What the exercise asks: Once you reach the line that holds "land cover: Temporary grasslands" in the listing below, output it and every line after it through the line that holds "longitude: -3.4808", word for word.

Information provided:
· · · ·

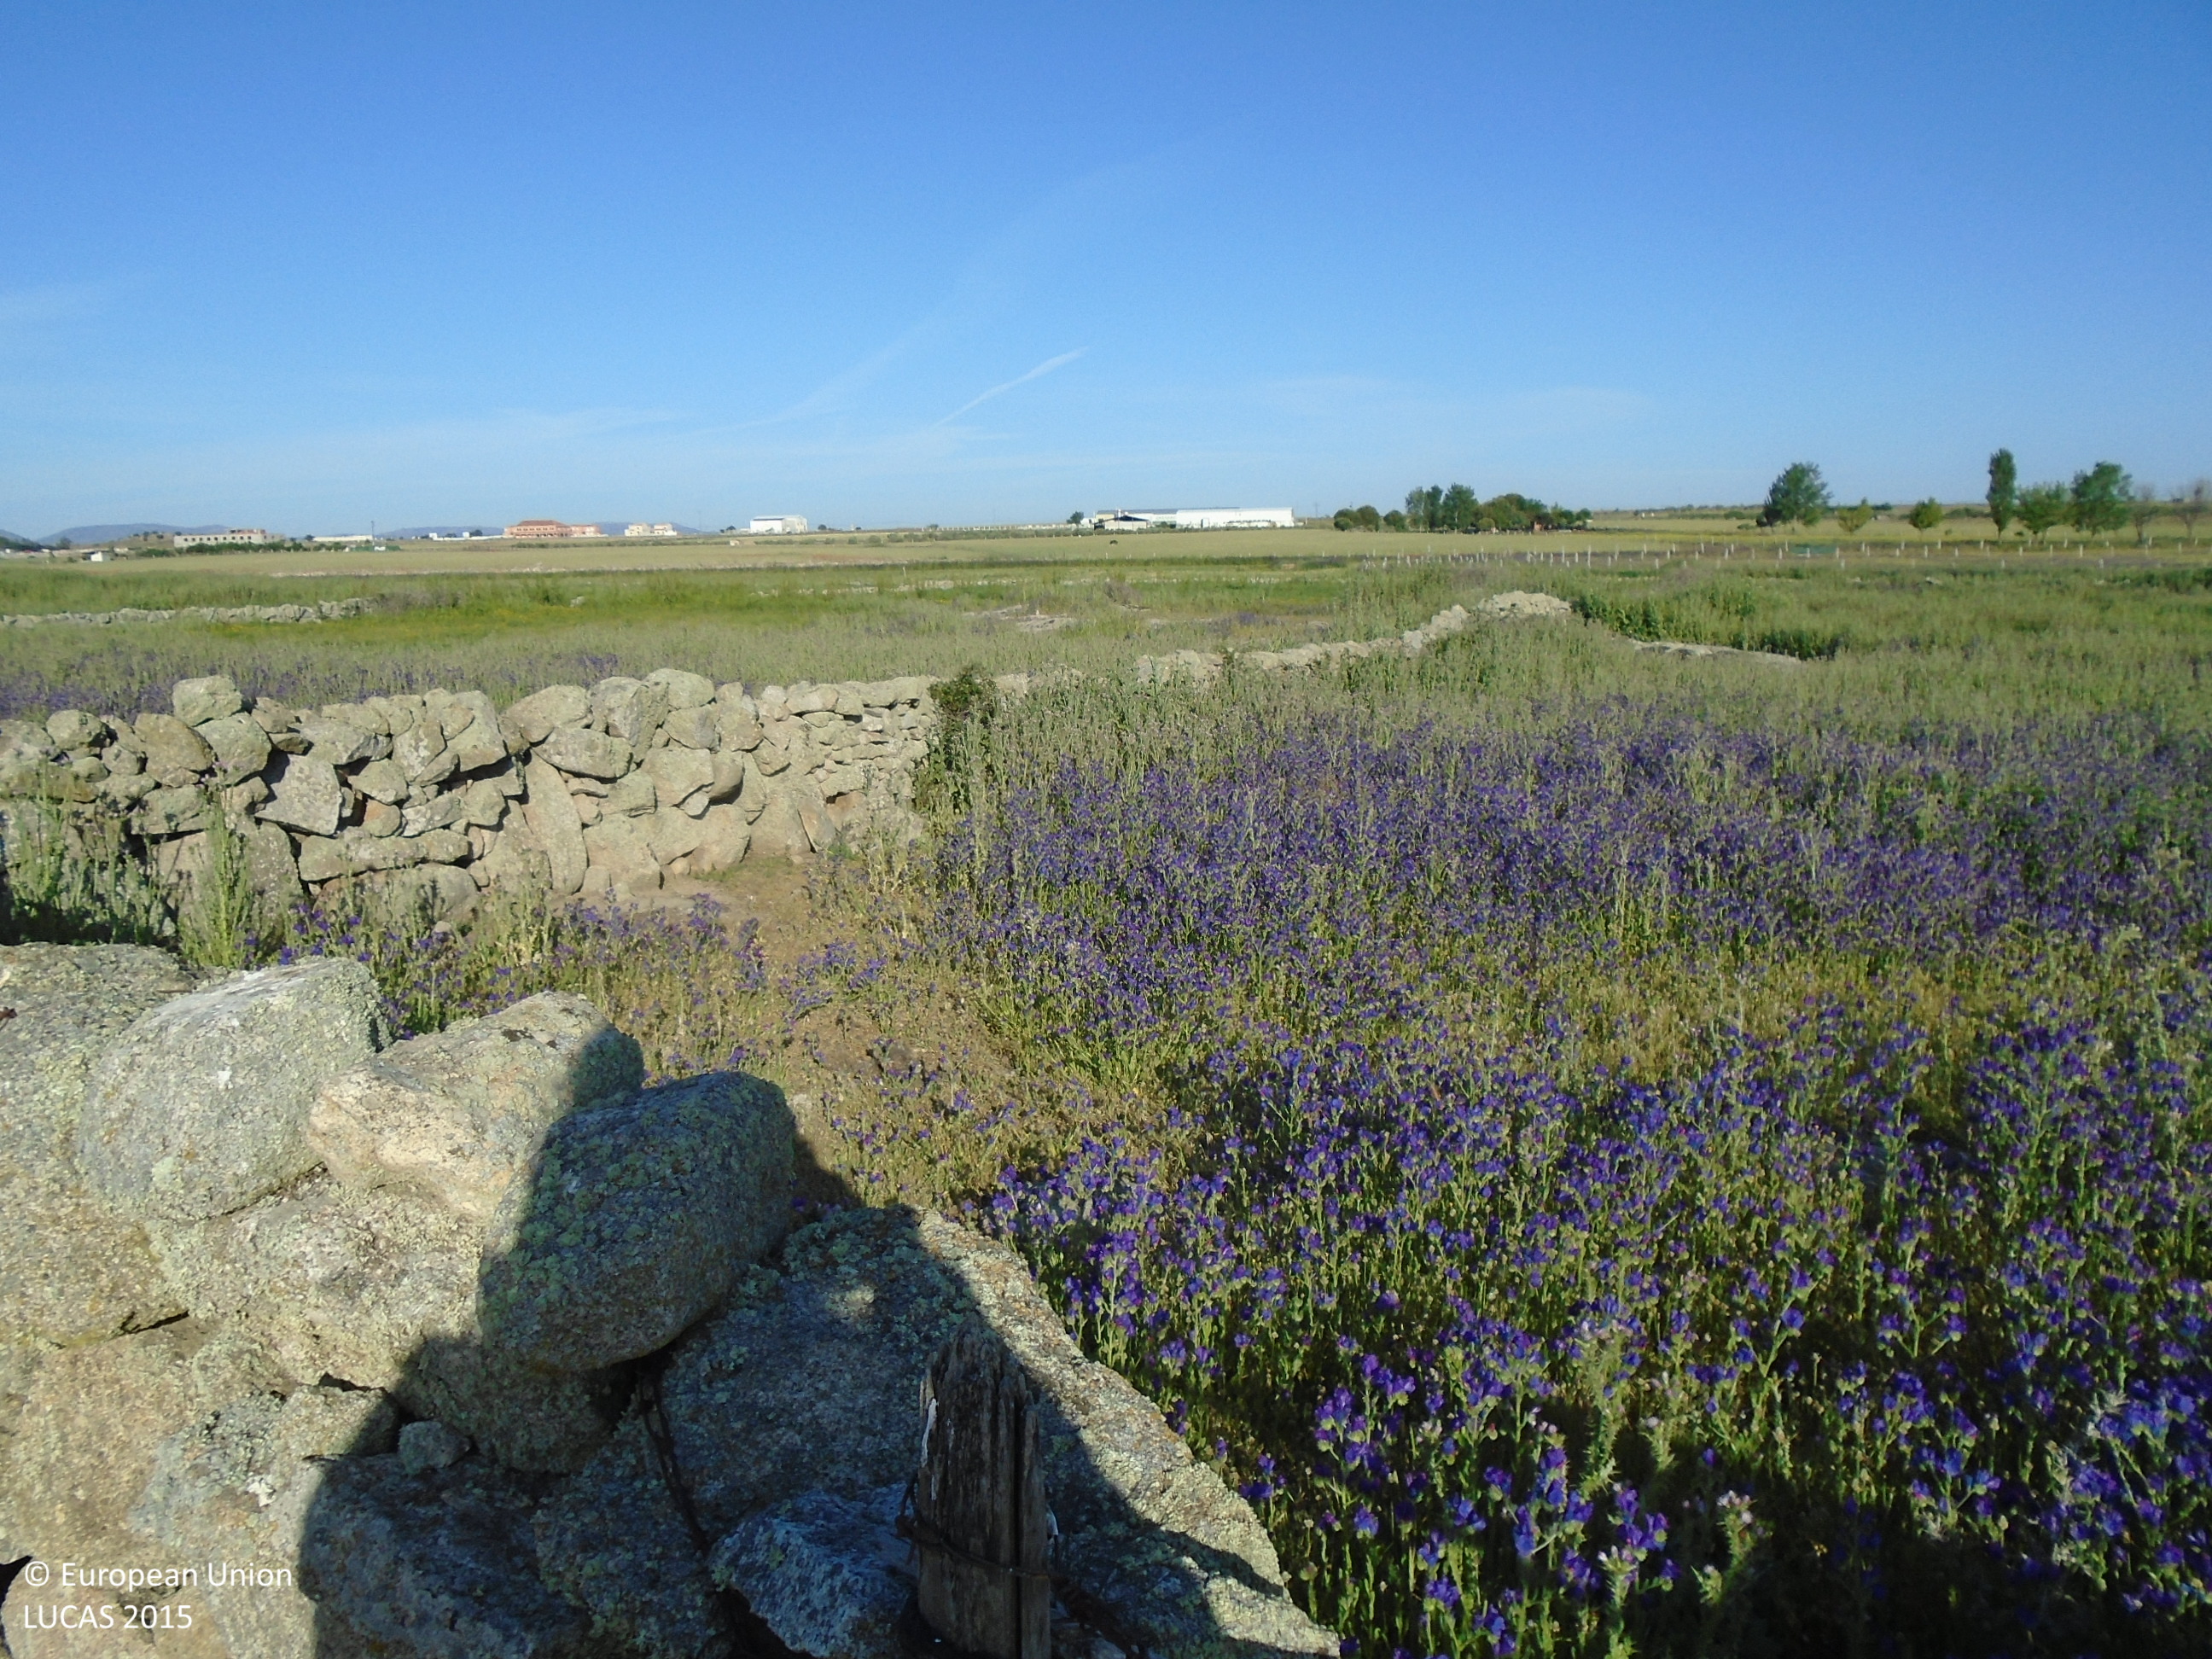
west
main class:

· · · ·

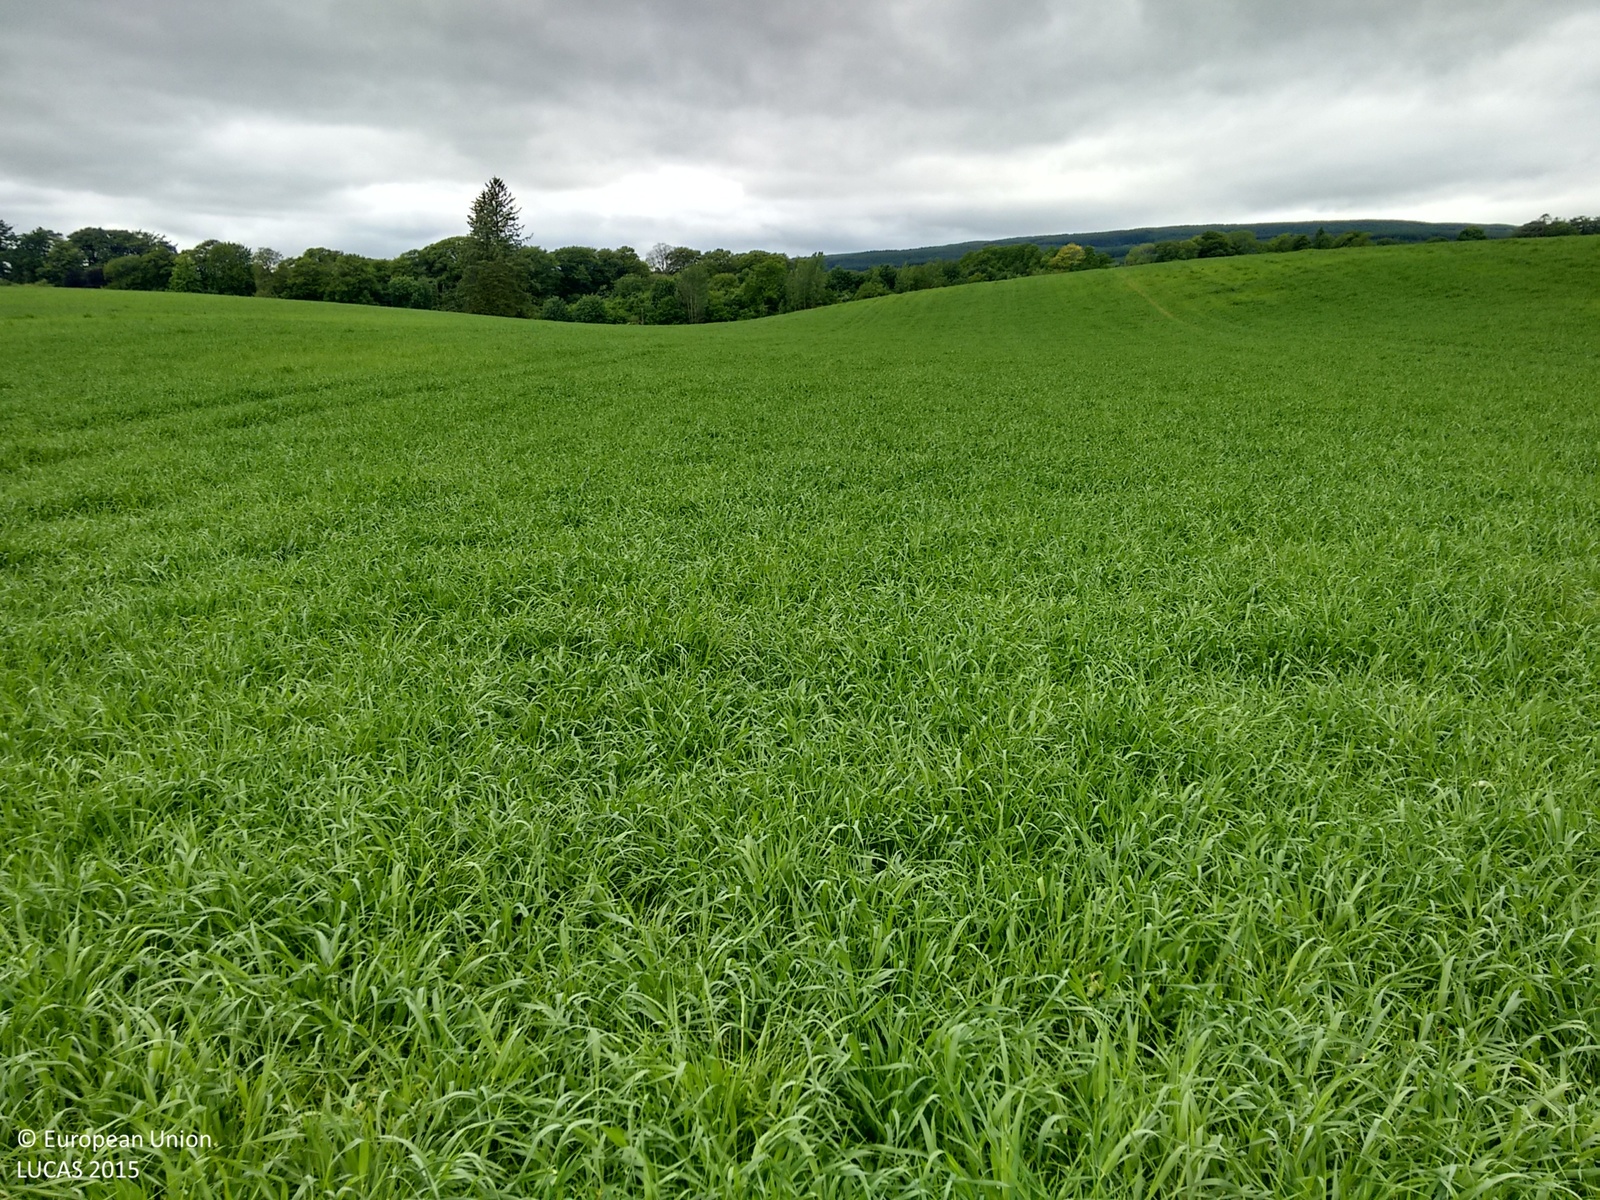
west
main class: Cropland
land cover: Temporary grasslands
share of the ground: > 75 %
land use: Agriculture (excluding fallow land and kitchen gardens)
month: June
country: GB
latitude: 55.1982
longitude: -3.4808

· · · ·

The answer:
land cover: Temporary grasslands
share of the ground: > 75 %
land use: Agriculture (excluding fallow land and kitchen gardens)
month: June
country: GB
latitude: 55.1982
longitude: -3.4808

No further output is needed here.